[Data records]
+ + + +

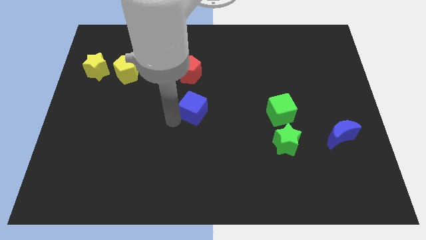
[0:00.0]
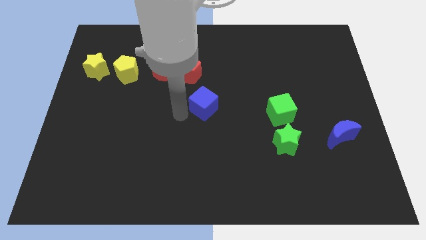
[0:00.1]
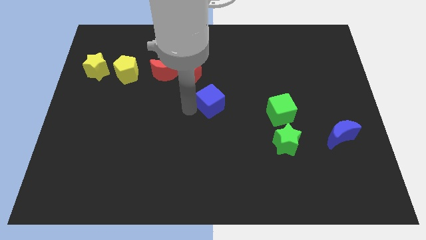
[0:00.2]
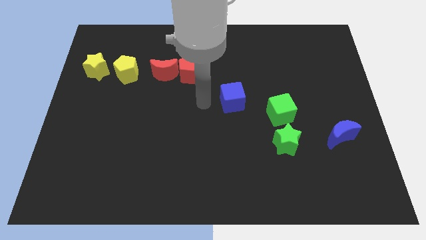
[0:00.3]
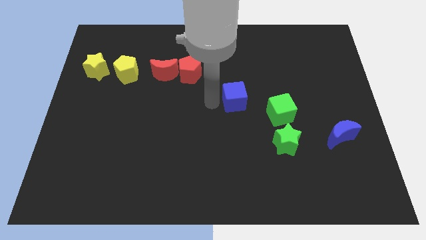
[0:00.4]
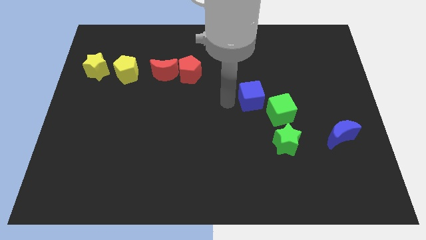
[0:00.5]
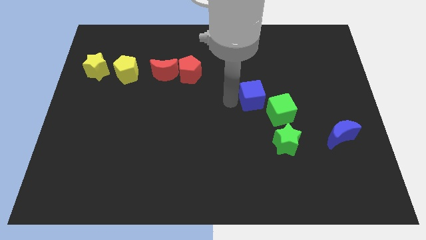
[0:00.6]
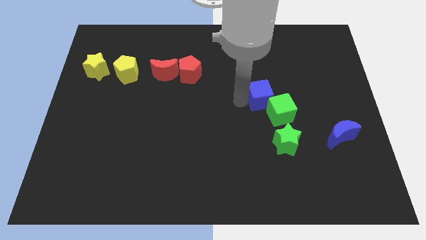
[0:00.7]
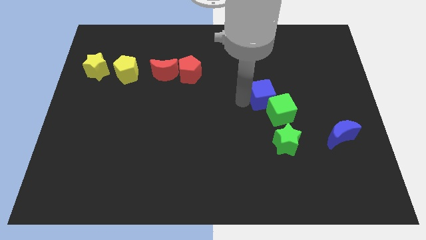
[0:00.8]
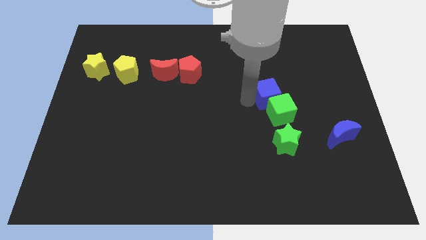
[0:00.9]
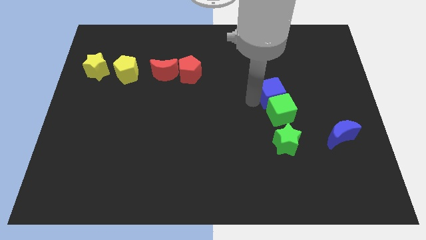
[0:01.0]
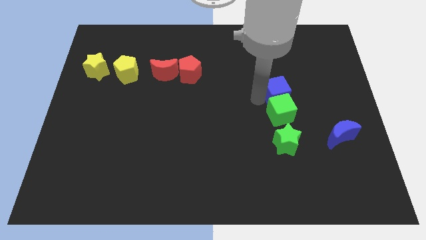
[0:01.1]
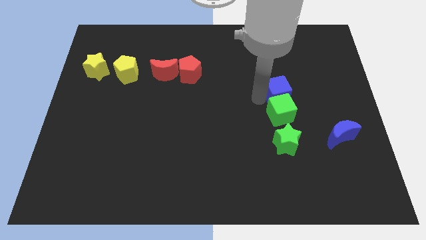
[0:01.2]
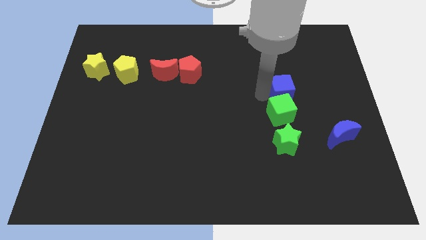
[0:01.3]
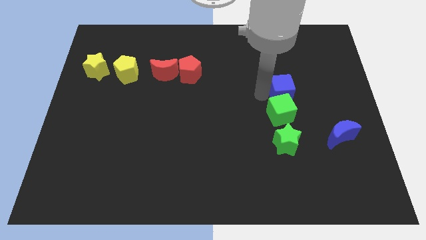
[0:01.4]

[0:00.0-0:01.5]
slightly move the blue cube towards the center of the board

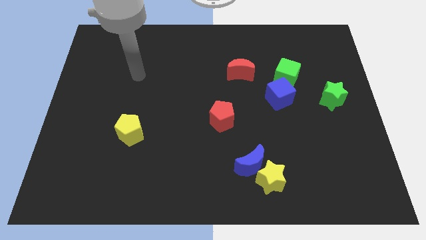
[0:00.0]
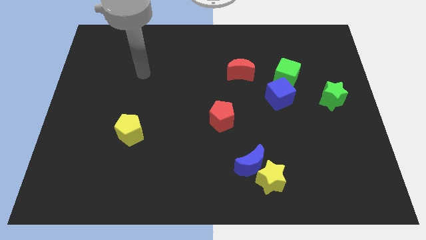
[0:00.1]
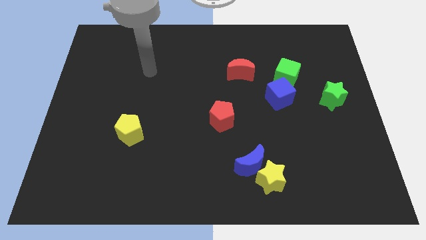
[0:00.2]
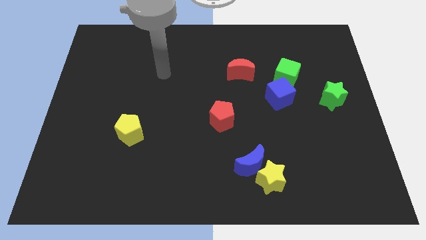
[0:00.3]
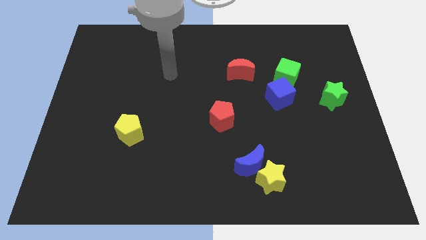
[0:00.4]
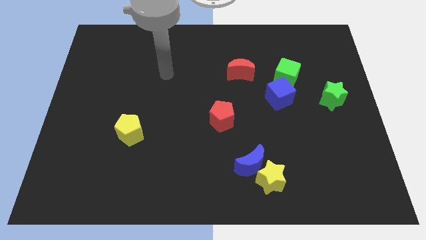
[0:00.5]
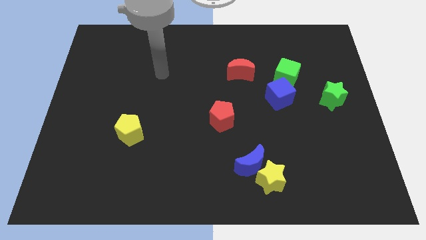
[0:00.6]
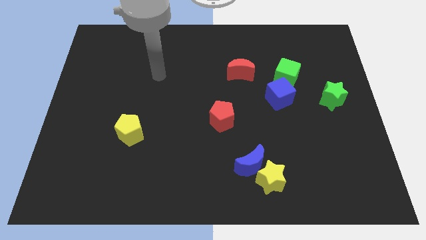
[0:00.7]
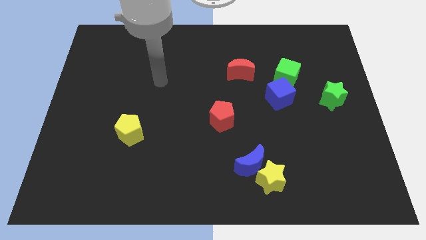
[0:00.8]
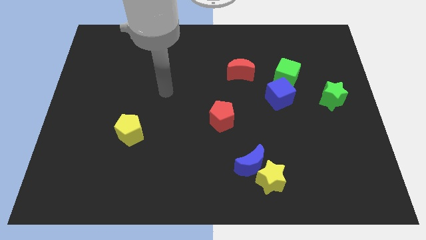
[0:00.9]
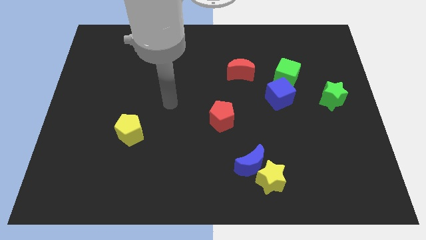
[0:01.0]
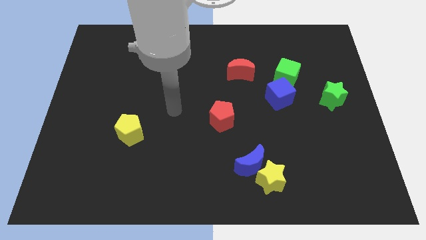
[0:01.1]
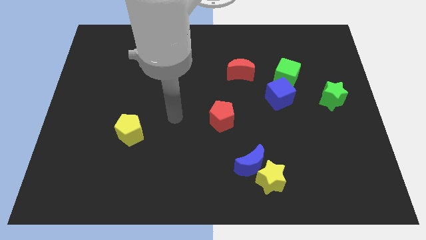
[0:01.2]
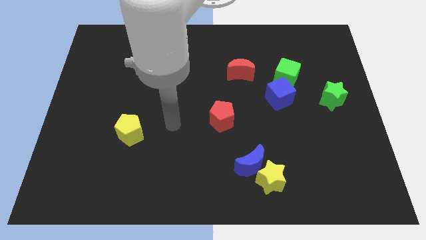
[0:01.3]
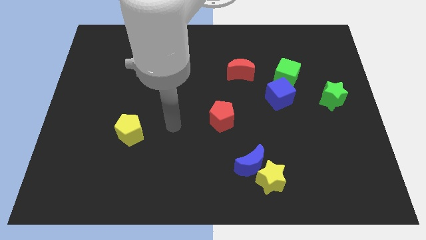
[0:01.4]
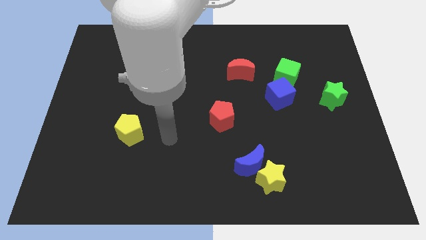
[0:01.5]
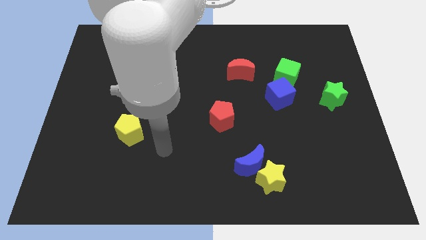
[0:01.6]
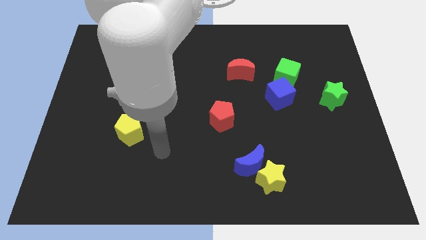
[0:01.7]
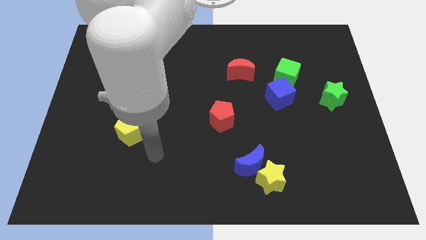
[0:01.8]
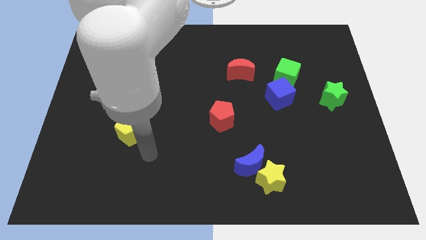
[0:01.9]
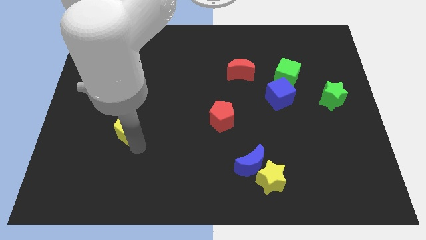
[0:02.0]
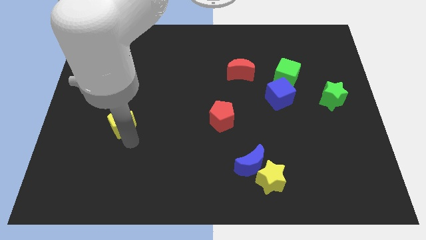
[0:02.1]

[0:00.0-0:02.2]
move your arm close to yellow pentagon

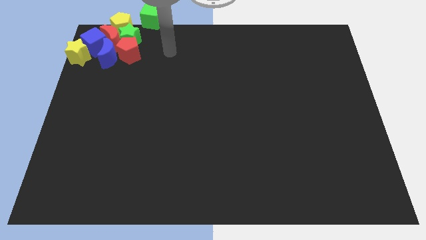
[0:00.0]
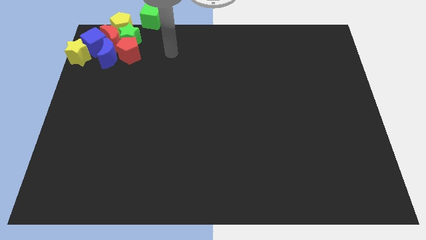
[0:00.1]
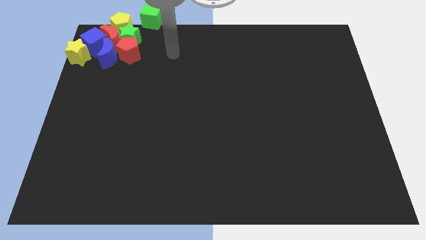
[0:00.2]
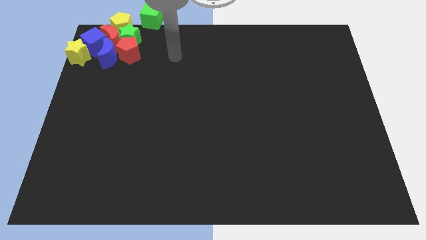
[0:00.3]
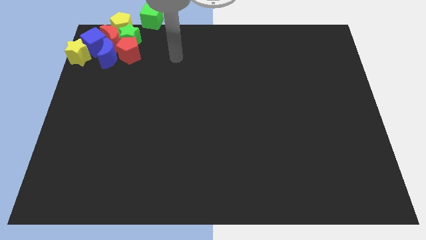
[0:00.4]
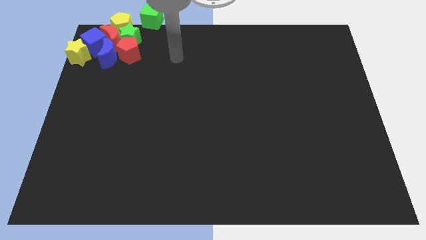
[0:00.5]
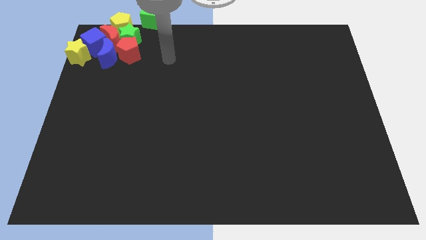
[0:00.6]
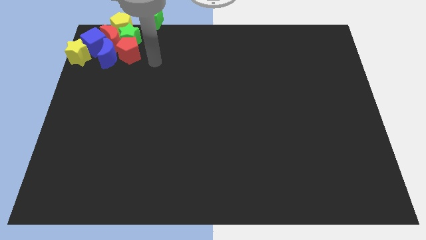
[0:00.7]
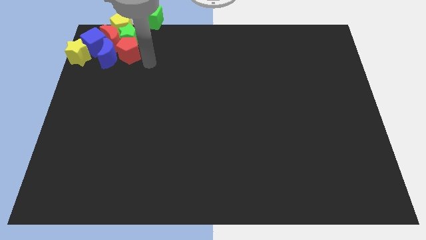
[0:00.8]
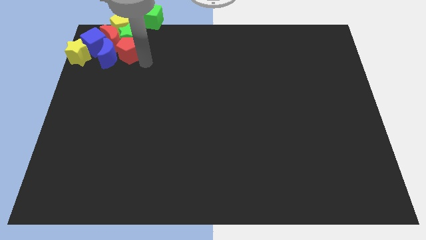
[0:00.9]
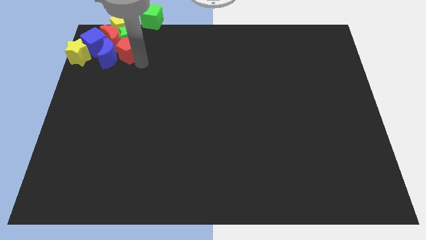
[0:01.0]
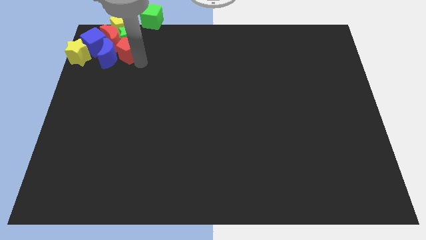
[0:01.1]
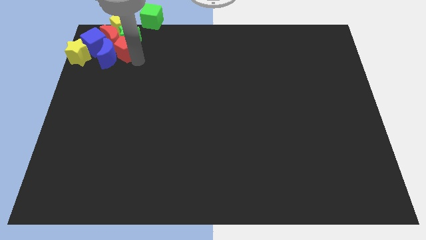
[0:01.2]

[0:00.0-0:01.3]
tap the red pentagon at the bottom

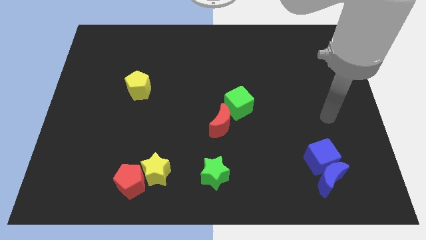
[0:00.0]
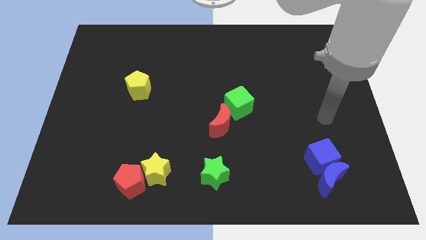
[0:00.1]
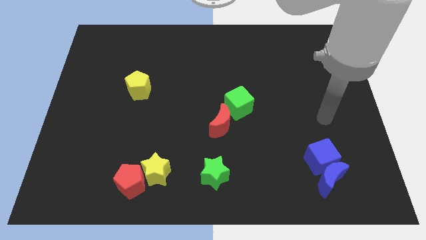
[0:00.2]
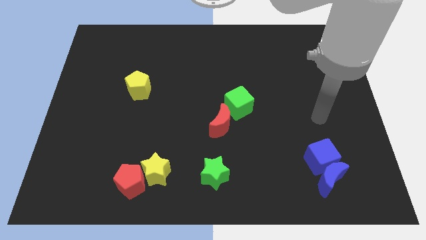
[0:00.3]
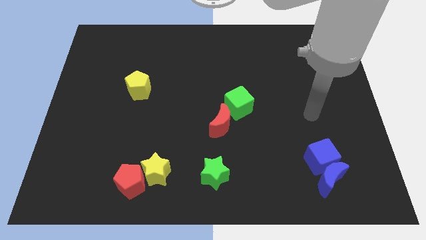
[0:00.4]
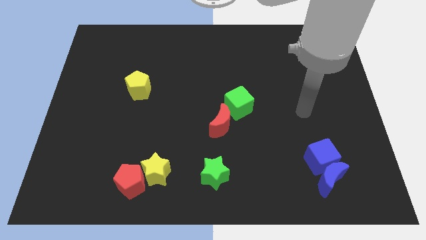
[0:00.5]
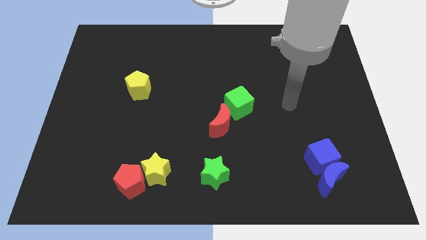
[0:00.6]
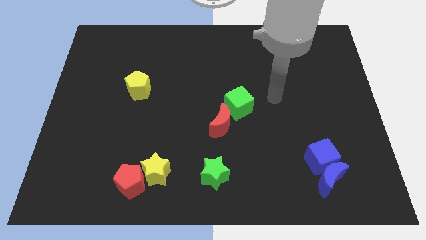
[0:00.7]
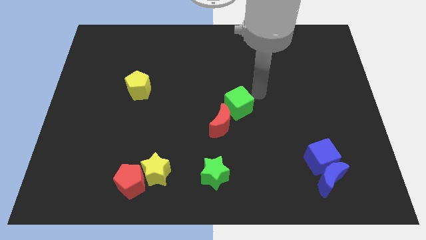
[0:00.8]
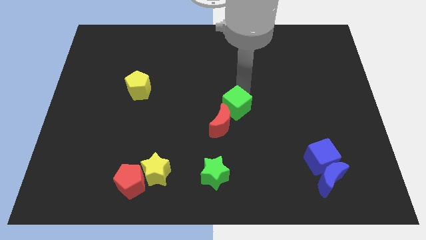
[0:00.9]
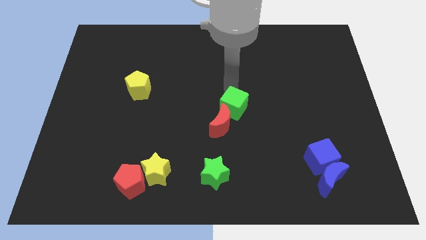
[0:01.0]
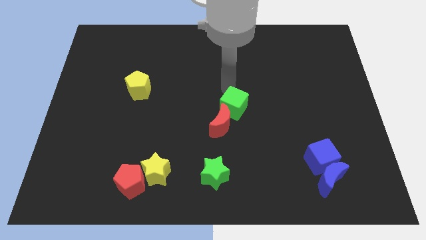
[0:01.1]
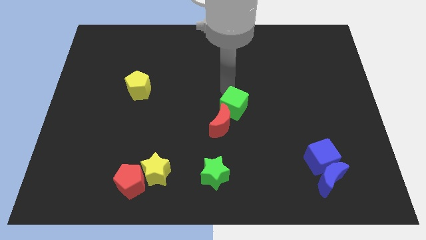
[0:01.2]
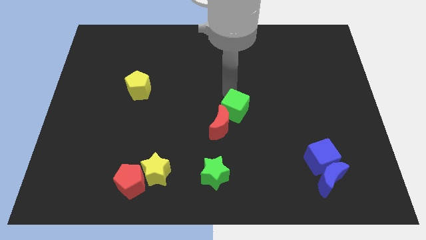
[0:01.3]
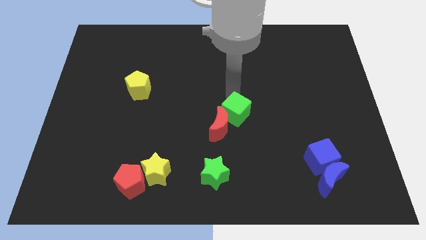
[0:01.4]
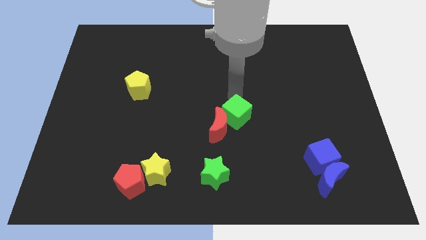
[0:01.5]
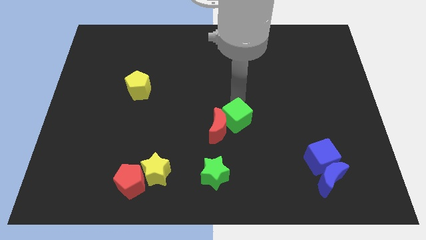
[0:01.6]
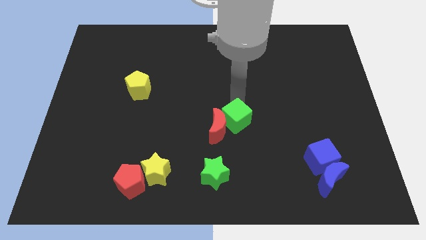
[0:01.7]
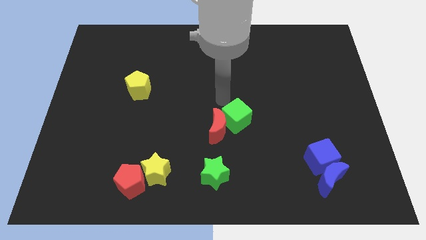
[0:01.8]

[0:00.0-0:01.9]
move the green cube towards bottom
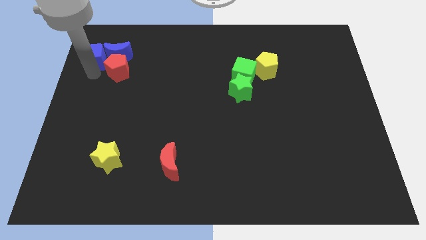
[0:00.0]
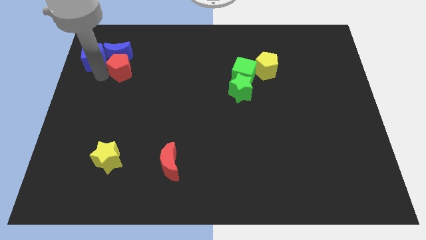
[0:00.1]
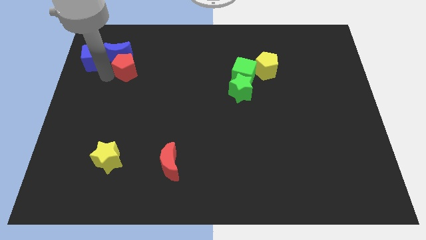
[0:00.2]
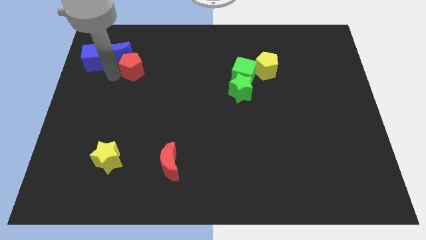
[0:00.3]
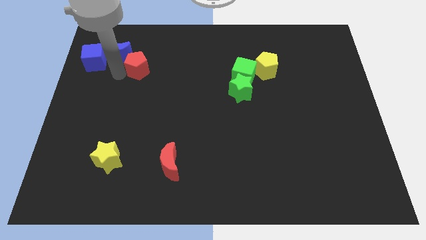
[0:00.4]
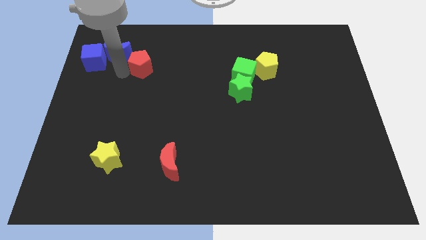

+ + + +

■ HOW TO COMPLETE THIS TASK ■
Give the entries above again word for word, without the pictures.

■ ANSWER BOX ■
[0:00.0]
[0:00.1]
[0:00.2]
[0:00.3]
[0:00.4]
[0:00.5]
[0:00.6]
[0:00.7]
[0:00.8]
[0:00.9]
[0:01.0]
[0:01.1]
[0:01.2]
[0:01.3]
[0:01.4]

[0:00.0-0:01.5]
slightly move the blue cube towards the center of the board

[0:00.0]
[0:00.1]
[0:00.2]
[0:00.3]
[0:00.4]
[0:00.5]
[0:00.6]
[0:00.7]
[0:00.8]
[0:00.9]
[0:01.0]
[0:01.1]
[0:01.2]
[0:01.3]
[0:01.4]
[0:01.5]
[0:01.6]
[0:01.7]
[0:01.8]
[0:01.9]
[0:02.0]
[0:02.1]

[0:00.0-0:02.2]
move your arm close to yellow pentagon

[0:00.0]
[0:00.1]
[0:00.2]
[0:00.3]
[0:00.4]
[0:00.5]
[0:00.6]
[0:00.7]
[0:00.8]
[0:00.9]
[0:01.0]
[0:01.1]
[0:01.2]

[0:00.0-0:01.3]
tap the red pentagon at the bottom

[0:00.0]
[0:00.1]
[0:00.2]
[0:00.3]
[0:00.4]
[0:00.5]
[0:00.6]
[0:00.7]
[0:00.8]
[0:00.9]
[0:01.0]
[0:01.1]
[0:01.2]
[0:01.3]
[0:01.4]
[0:01.5]
[0:01.6]
[0:01.7]
[0:01.8]

[0:00.0-0:01.9]
move the green cube towards bottom
[0:00.0]
[0:00.1]
[0:00.2]
[0:00.3]
[0:00.4]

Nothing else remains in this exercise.